[Data provided — start]

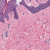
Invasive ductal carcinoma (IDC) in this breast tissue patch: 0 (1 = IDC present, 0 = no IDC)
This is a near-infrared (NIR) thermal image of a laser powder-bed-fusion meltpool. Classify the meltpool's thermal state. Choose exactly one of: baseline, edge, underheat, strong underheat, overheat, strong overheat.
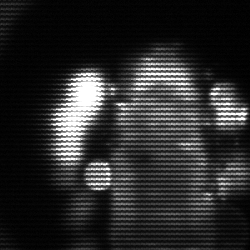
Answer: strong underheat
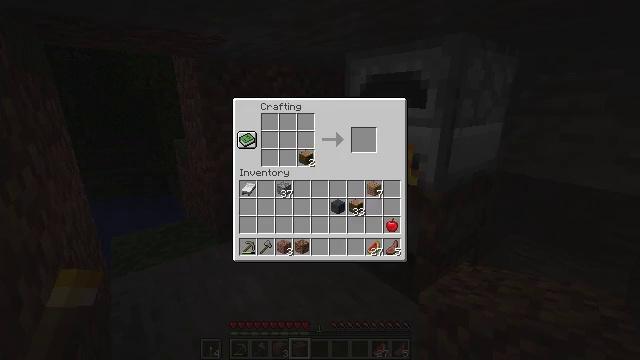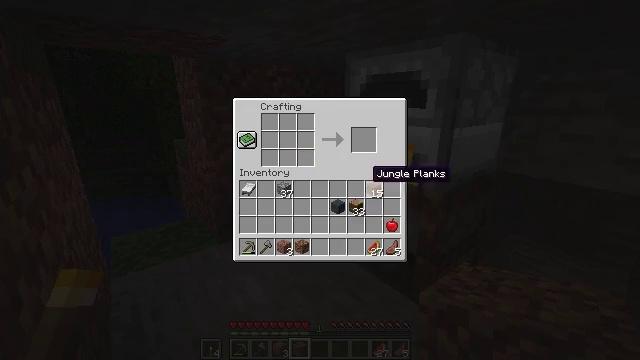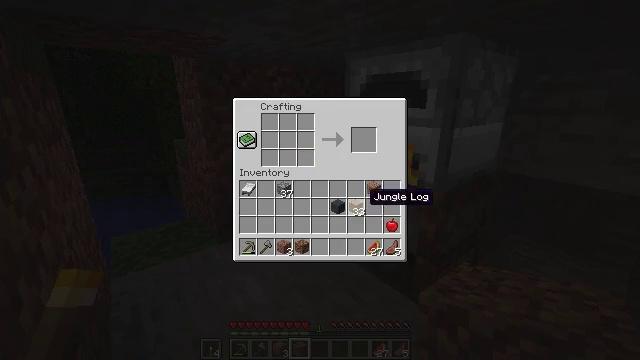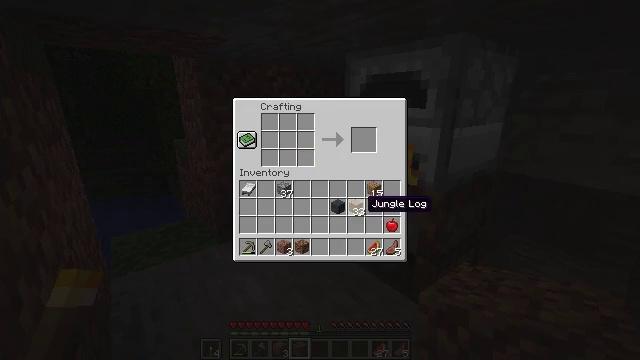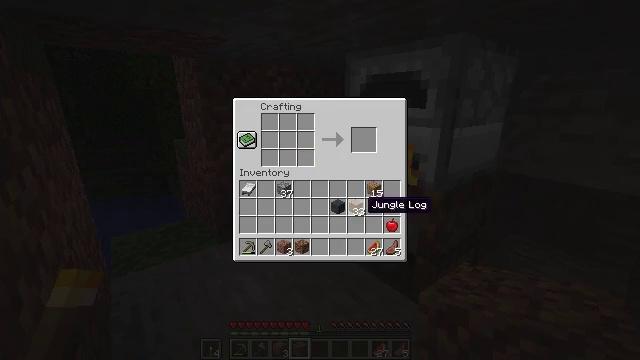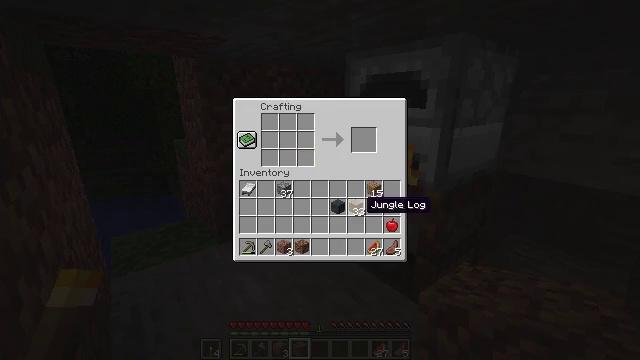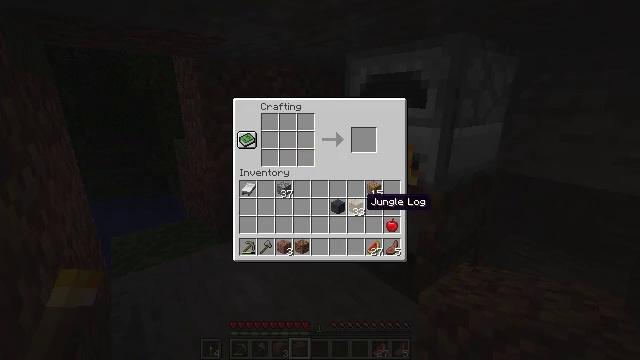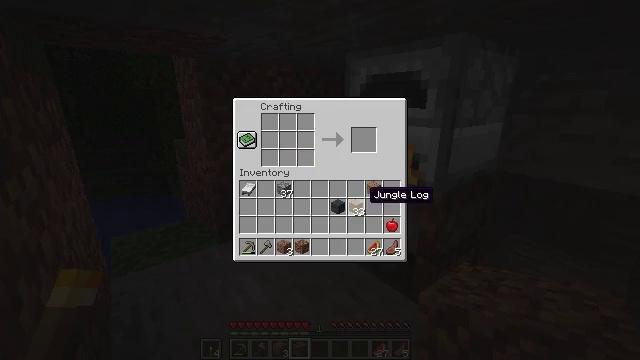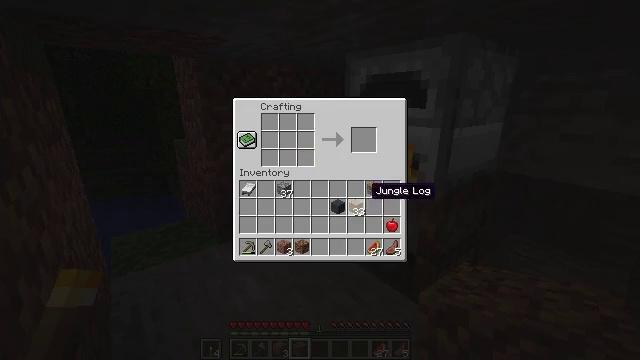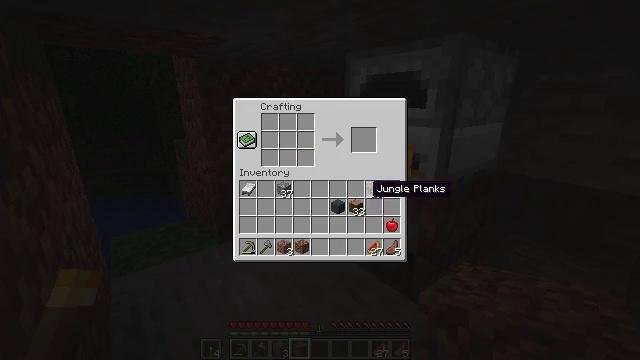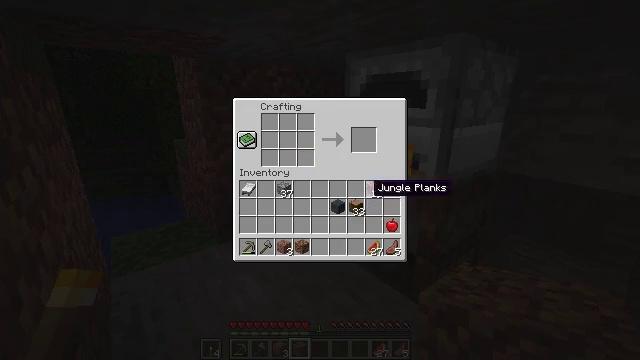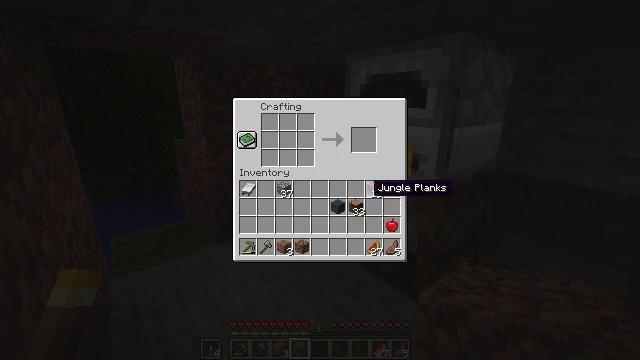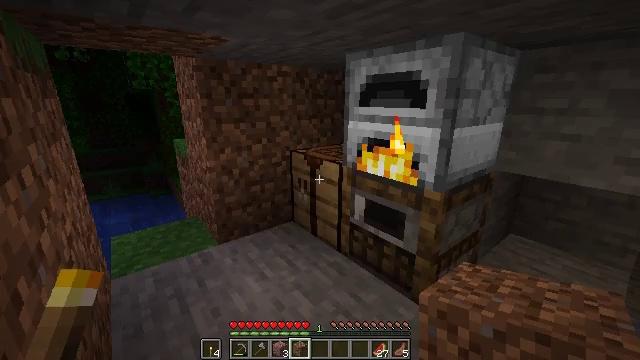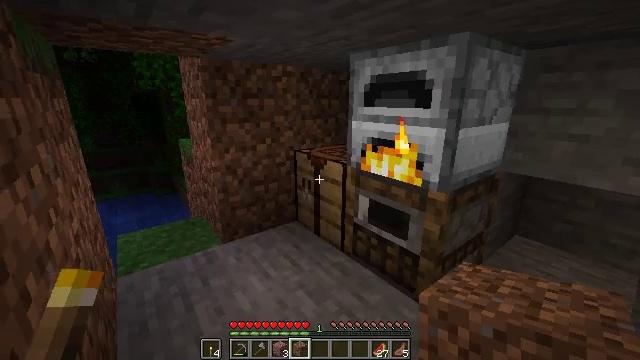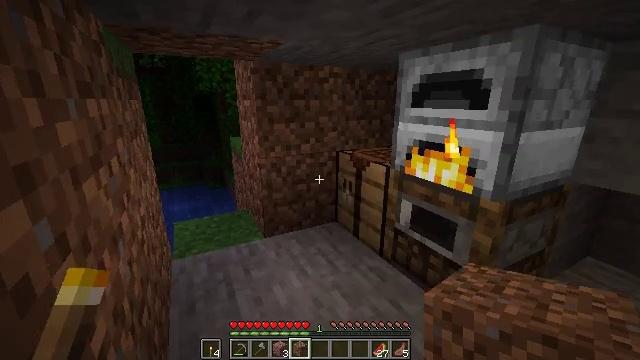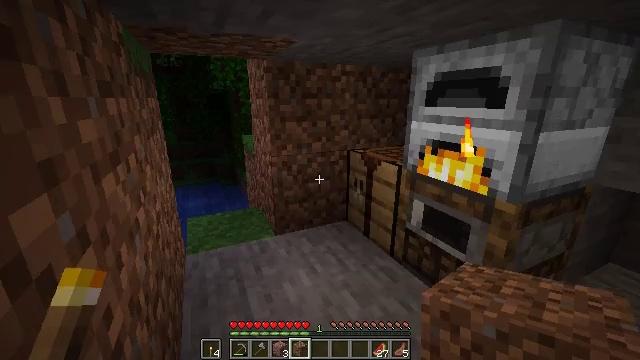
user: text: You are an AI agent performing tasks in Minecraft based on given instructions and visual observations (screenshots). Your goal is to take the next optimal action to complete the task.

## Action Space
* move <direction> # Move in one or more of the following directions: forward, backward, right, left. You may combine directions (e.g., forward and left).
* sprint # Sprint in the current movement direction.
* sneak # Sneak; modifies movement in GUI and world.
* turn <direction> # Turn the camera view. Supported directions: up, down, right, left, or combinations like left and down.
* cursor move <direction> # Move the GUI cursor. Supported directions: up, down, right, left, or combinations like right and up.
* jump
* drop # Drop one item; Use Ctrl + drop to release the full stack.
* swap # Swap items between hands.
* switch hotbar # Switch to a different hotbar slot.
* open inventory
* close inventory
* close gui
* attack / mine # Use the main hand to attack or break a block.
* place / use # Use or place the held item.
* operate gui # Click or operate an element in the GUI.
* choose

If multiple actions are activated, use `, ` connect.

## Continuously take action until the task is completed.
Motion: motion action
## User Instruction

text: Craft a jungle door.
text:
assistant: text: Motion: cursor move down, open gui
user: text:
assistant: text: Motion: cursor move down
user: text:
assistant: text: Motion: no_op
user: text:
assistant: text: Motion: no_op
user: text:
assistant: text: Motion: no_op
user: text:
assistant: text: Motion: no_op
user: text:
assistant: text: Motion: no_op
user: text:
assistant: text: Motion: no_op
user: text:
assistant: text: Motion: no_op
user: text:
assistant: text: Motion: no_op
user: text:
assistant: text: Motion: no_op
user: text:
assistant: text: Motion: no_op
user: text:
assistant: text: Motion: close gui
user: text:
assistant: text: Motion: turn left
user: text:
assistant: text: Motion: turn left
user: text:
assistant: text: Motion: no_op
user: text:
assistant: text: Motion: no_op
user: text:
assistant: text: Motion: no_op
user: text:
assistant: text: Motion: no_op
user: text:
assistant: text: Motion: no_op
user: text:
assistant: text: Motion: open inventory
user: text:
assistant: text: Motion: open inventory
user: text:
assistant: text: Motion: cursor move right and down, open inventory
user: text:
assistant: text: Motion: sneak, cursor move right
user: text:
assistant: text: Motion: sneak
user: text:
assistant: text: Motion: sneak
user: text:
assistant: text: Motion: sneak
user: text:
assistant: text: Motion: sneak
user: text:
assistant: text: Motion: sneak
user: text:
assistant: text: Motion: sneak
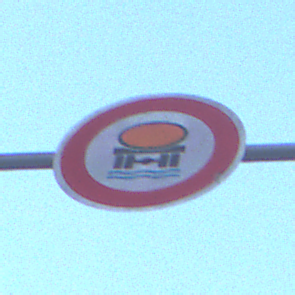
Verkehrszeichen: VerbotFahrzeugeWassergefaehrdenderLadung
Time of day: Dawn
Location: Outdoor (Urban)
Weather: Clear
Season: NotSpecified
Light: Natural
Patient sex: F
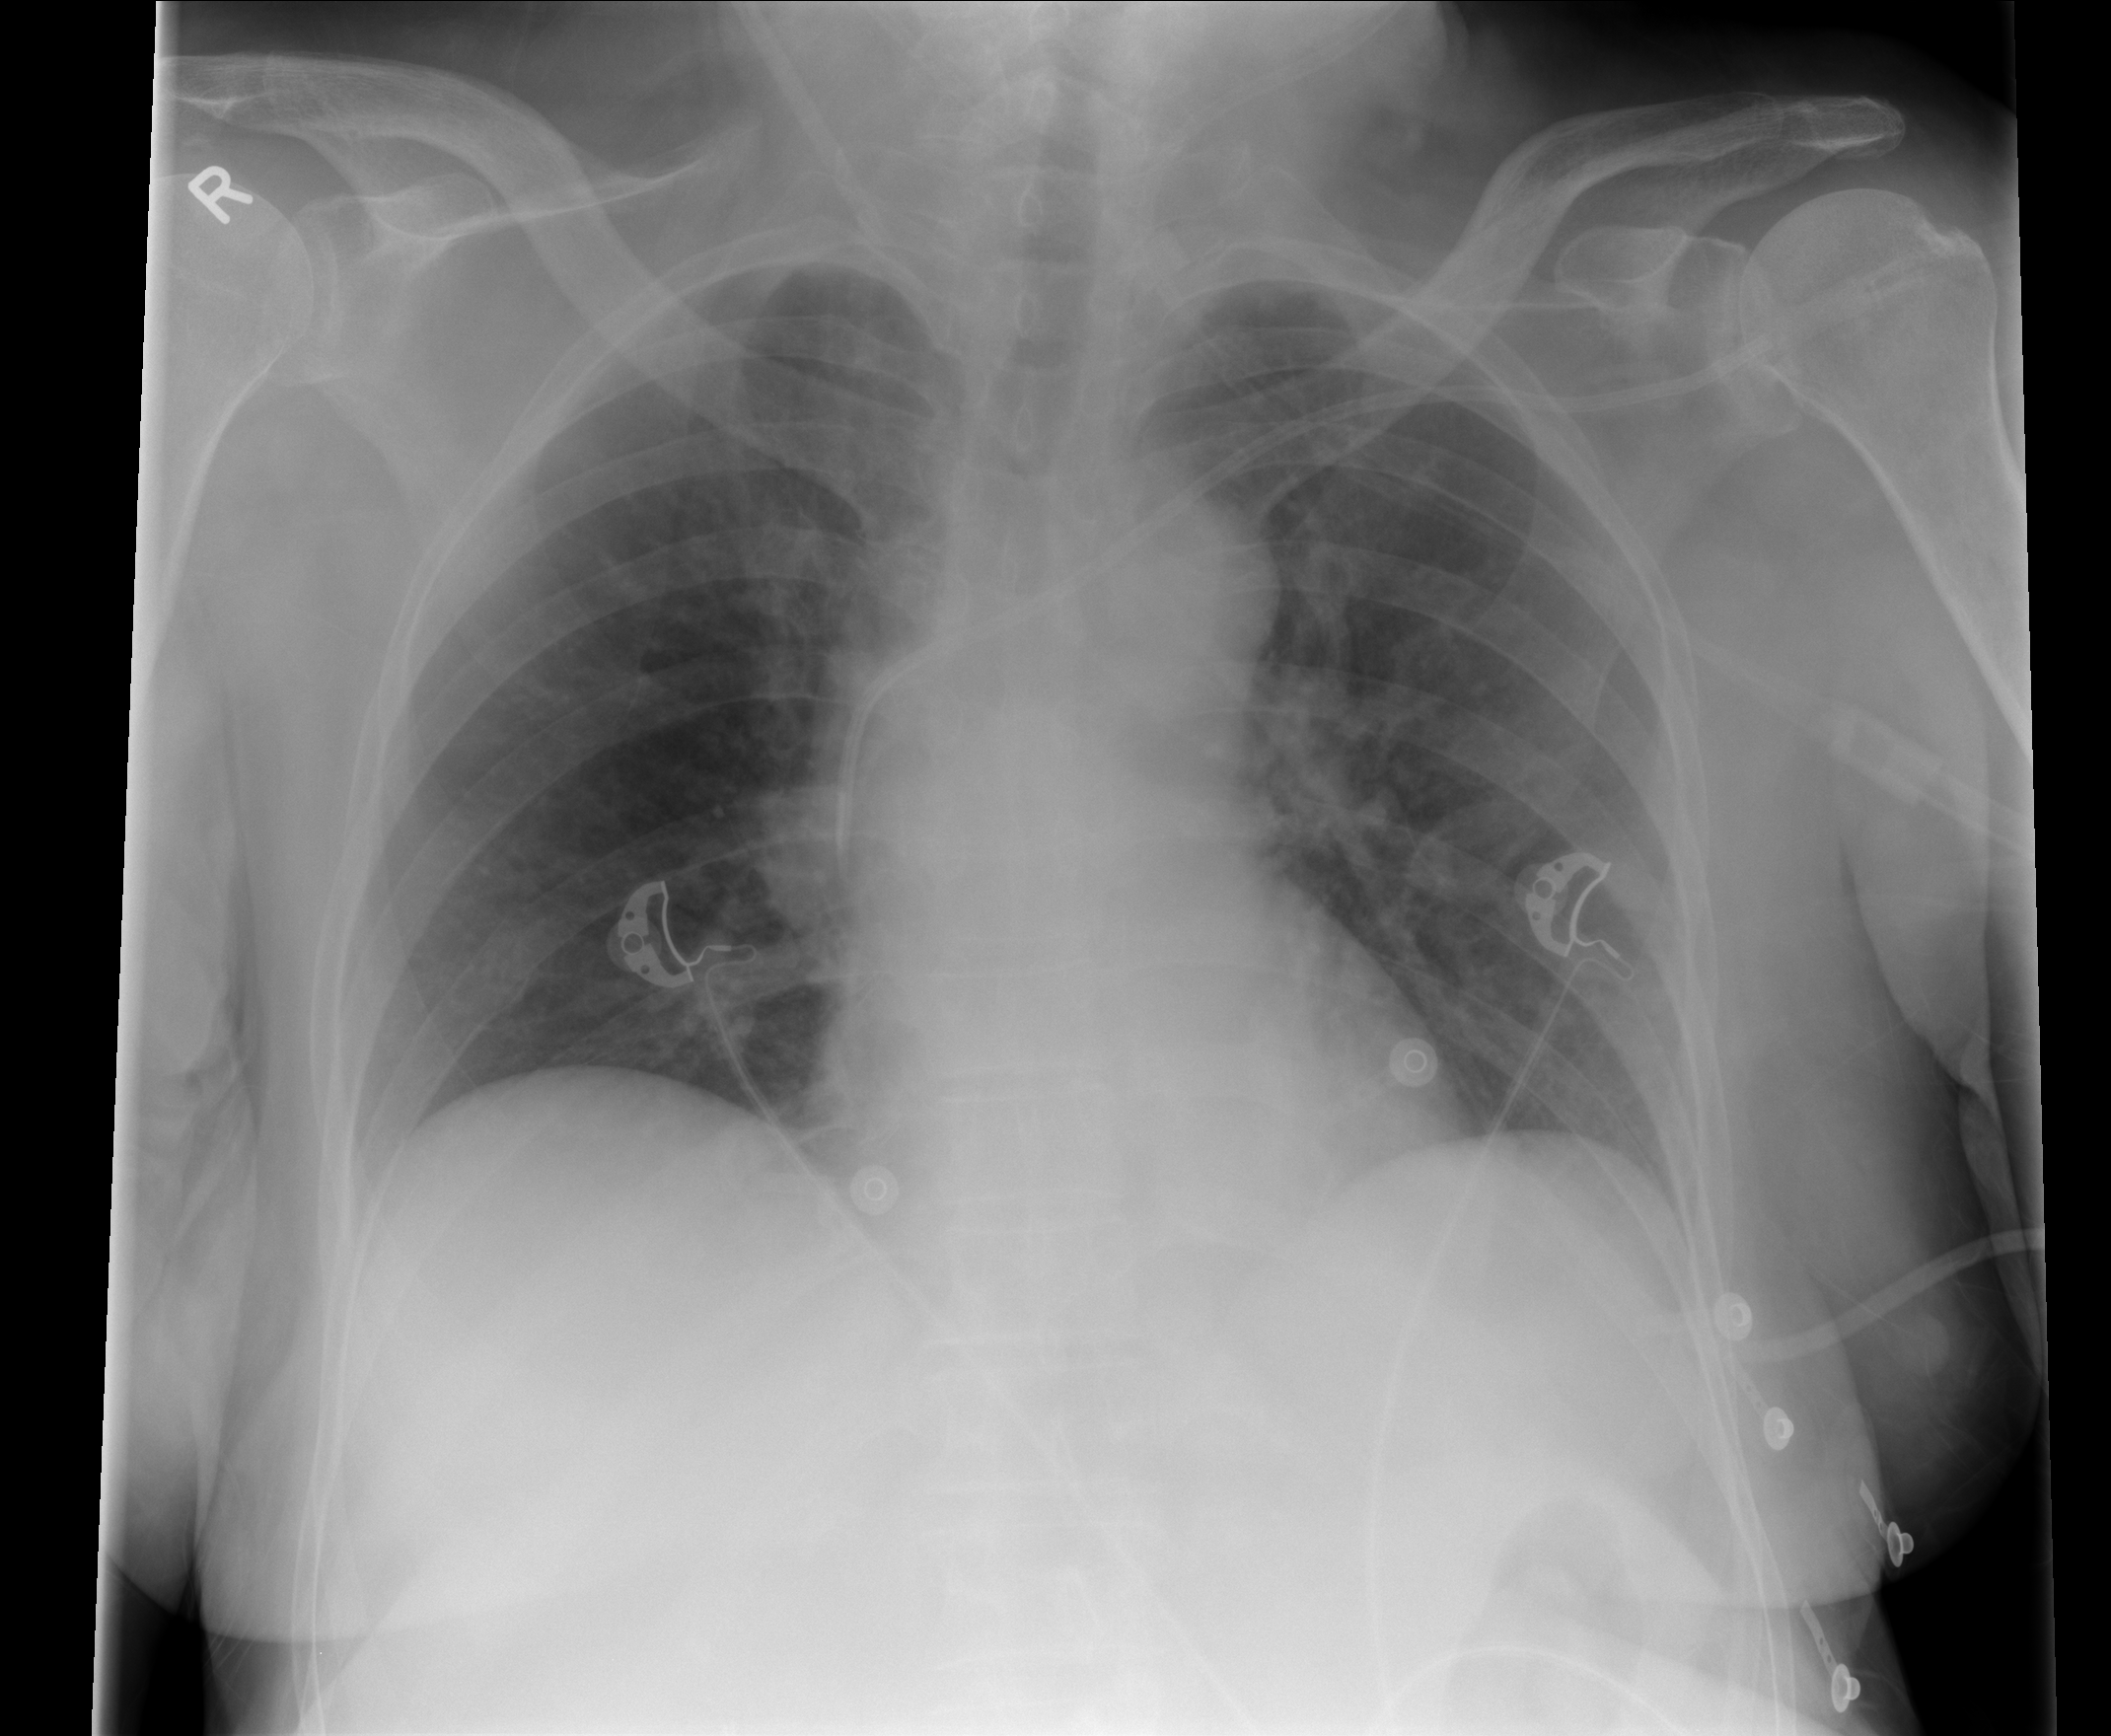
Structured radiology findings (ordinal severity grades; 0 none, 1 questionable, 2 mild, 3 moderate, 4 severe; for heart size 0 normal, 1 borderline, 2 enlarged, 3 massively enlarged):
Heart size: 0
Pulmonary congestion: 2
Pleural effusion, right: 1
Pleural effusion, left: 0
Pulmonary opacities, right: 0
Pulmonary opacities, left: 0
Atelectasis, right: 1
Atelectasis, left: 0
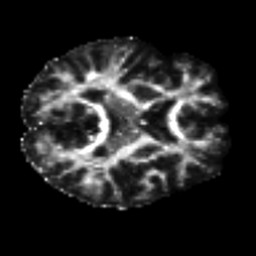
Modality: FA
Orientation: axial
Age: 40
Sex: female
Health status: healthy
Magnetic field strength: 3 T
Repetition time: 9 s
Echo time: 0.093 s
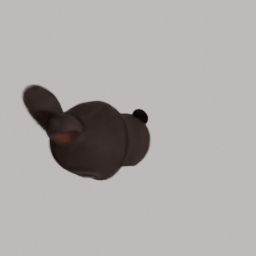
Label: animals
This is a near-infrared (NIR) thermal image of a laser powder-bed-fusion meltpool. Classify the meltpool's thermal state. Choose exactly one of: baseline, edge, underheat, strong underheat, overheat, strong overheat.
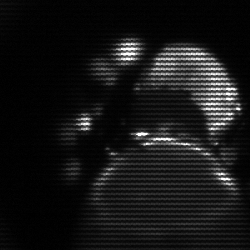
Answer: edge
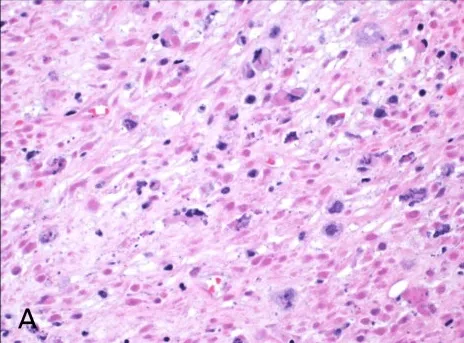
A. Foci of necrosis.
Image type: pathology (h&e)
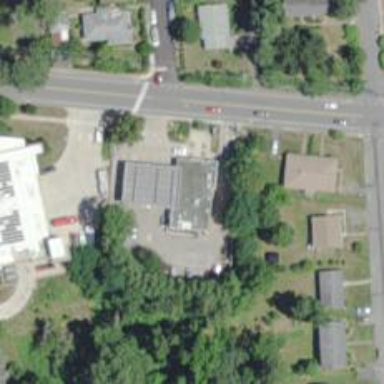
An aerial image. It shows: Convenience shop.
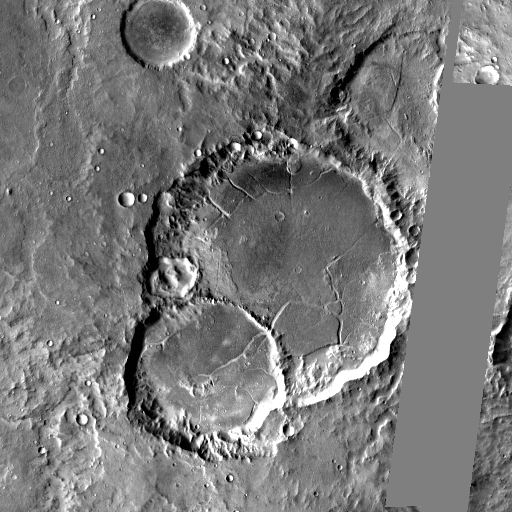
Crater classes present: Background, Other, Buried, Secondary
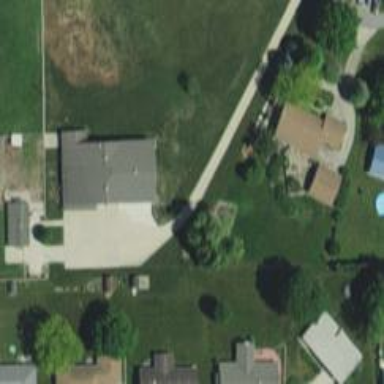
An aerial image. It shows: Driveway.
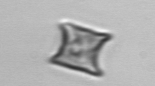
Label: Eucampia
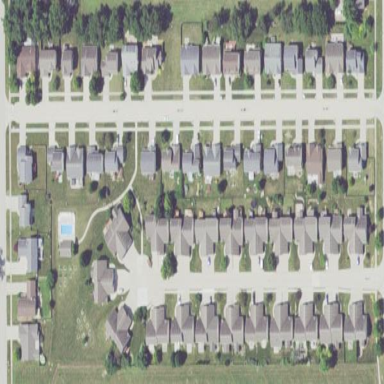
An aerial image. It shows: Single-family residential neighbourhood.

[Data provided — finish]

Exercise aim ::
Work from the entries above. Set down exactly and only the lines from the line with "Weather: Clear" to the line with "Pulmonary opacities, right: 0", both included, and leave the pictures out.

Problem solution ::
Weather: Clear
Season: NotSpecified
Light: Natural
Patient sex: F
Structured radiology findings (ordinal severity grades; 0 none, 1 questionable, 2 mild, 3 moderate, 4 severe; for heart size 0 normal, 1 borderline, 2 enlarged, 3 massively enlarged):
Heart size: 0
Pulmonary congestion: 2
Pleural effusion, right: 1
Pleural effusion, left: 0
Pulmonary opacities, right: 0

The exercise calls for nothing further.